3. To examine the relations among the underlying processes themselves. The processes examined in the present research come from a variety of levels and modes of assessment, ranging from elementary inhibitory control through Behavioral Inhibition System functioning assessed via psychophysiology. Although each task and measure is related to substance use and has been designed to assess one of the two hypothetical systems, these tasks have not been examined together previously.
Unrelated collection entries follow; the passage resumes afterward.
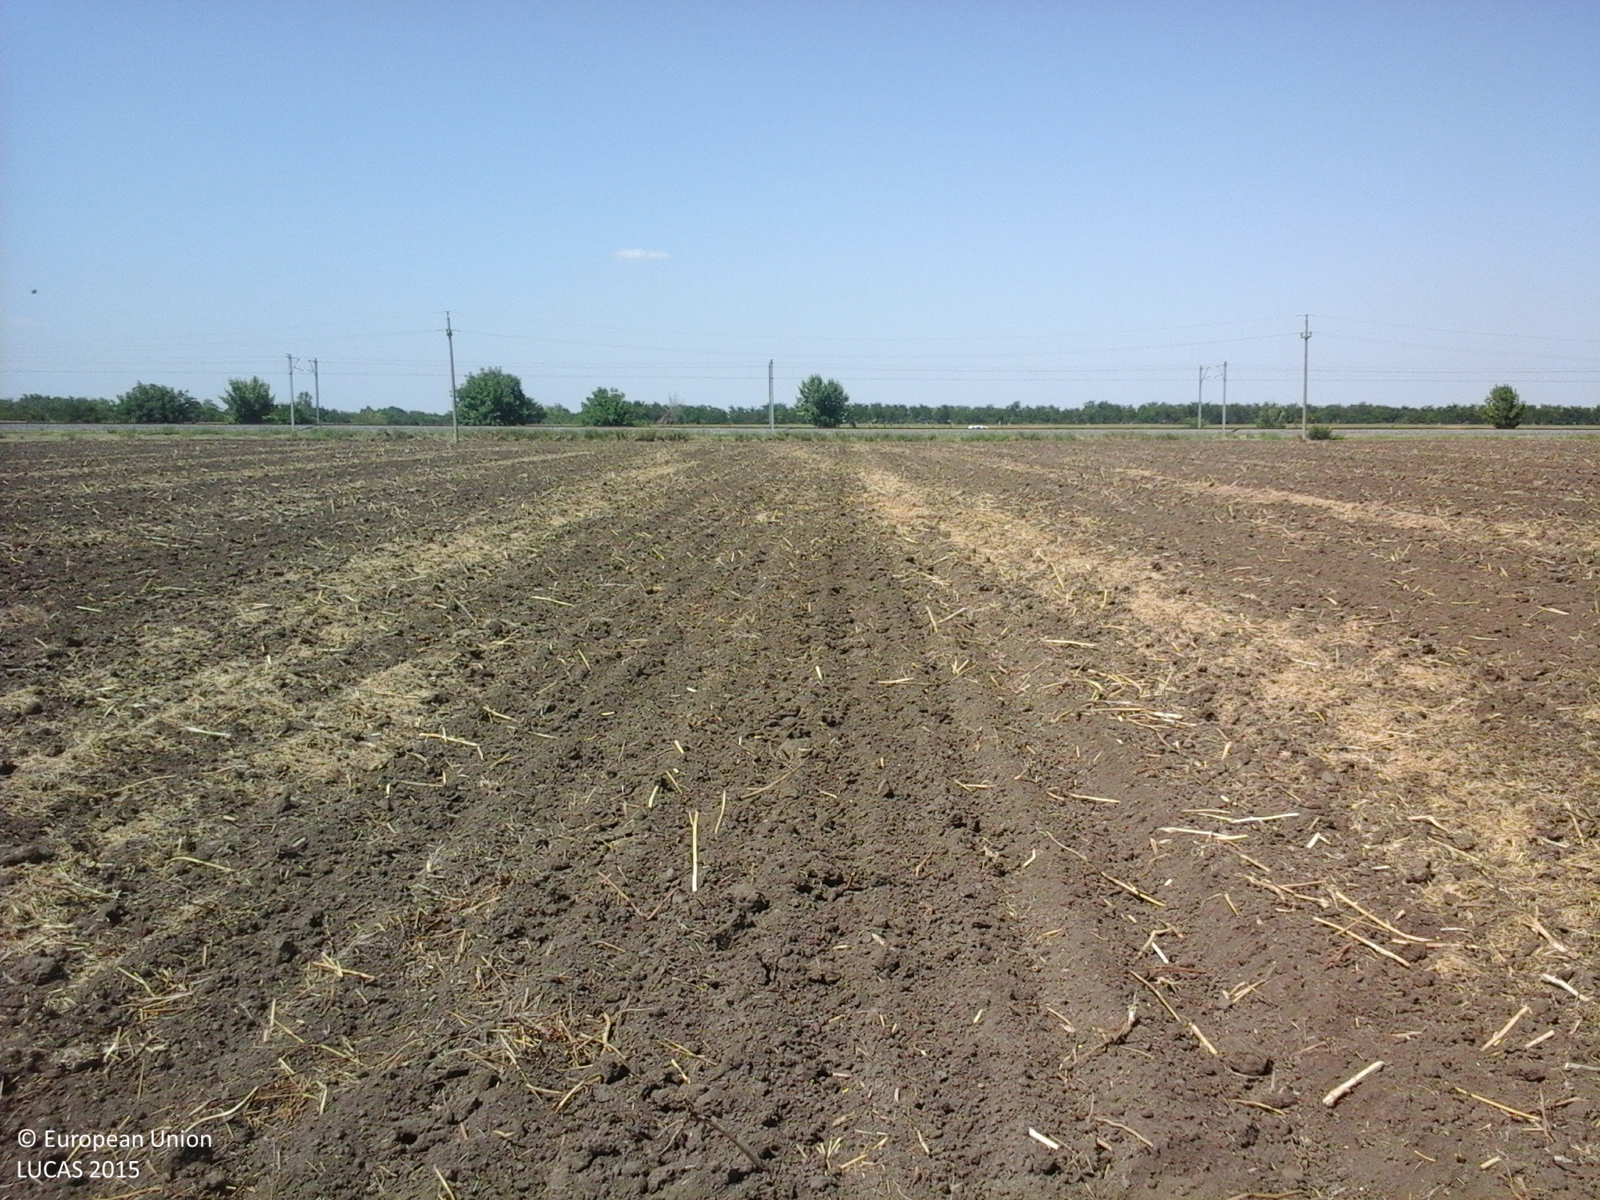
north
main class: Cropland
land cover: Rape and turnip rape
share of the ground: < 10 %
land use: Agriculture (excluding fallow land and kitchen gardens)
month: July
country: RO
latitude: 44.4313
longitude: 27.0767

| Project 4: Targeting individuals with biologically-based predispositions to engage in risky behavior | Abstract: Interventions to prevent or reduce substance use or abuse among young adults are few and generally not effective. This is unfortunate, as young adults are among the most frequent users of a variety of substances, including marijuana, alcohol, and various illicit substances. Most substance abuse preventive interventions have largely ignored biologically-based predispositions that lead individuals both to engage in risky behaviors including substance use and to attend and respond to certain kinds of intervention messages. This project builds on our previous work using sensation seeking to target and tailor messages aimed at reducing substance use and risky sexual behavior. Specifically, building on emerging research from the Center, we decompose sensation seeking into its component parts of reward-seeking and inhibition. Drawing on recent advances in message targeting and tailoring, we move beyond our previous work on message sensation value to include consideration of the influence of message framing and fear on message effectiveness. The present proposal offers and tests a general model of message effectiveness that considers the interaction between individual differences (i.e., reward seeking and inhibition) and message characteristics (i.e., message sensation value, framing, and fear). The model is tested in three studies using public service announcements (PSA), an intervention mode with which our team has extensive experience.
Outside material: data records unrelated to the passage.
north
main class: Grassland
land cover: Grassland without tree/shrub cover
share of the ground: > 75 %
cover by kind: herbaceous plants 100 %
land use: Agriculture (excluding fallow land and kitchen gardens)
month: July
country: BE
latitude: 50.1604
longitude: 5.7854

There are four specific aims: 1) To examine the persuasive effects of high vs. low sensation value (HSV vs. LSV) substance abuse prevention messages on young adults varying in reward seeking and inhibition;
2) To examine the persuasive effects of two emotion-based dimensions of substance abuse messages: message framing (gain vs. loss-framed [GF vs. LF]) and fear (high vs. low threat [HT vs. LT]) on young adults varying in their levels of reward seeking and inhibition.; 3) To assess the extent to which the differential persuasive effects of HSV vs. LSV, GF vs. LF, and LT vs. HT substance abuse prevention messages generalize to another high-risk behavior, risky sex; and 4) Develop and pilot-test the effectiveness of substance abuse prevention public service announcements (PSAs) with young adults who are either high in reward seeking, low in inhibition, or both. We propose to accomplish these aims through three studies. The first examines the impact of message sensation value, framing, and fear on message effectiveness for PSAs aimed at reducing marijuana use as a function of reward seeking and inhibition; the second tests the boundaries of our model using PSAs aimed at reducing risky sexual behavior; the third begins the process of designing optimally effective PSAs based on previous results. Outcomes from the experiments and qualitative studies proposed in this project may be immediately applied to an established body of work, both ours and others, in the development of PSAs that are targeted at the reduction of marijuana use.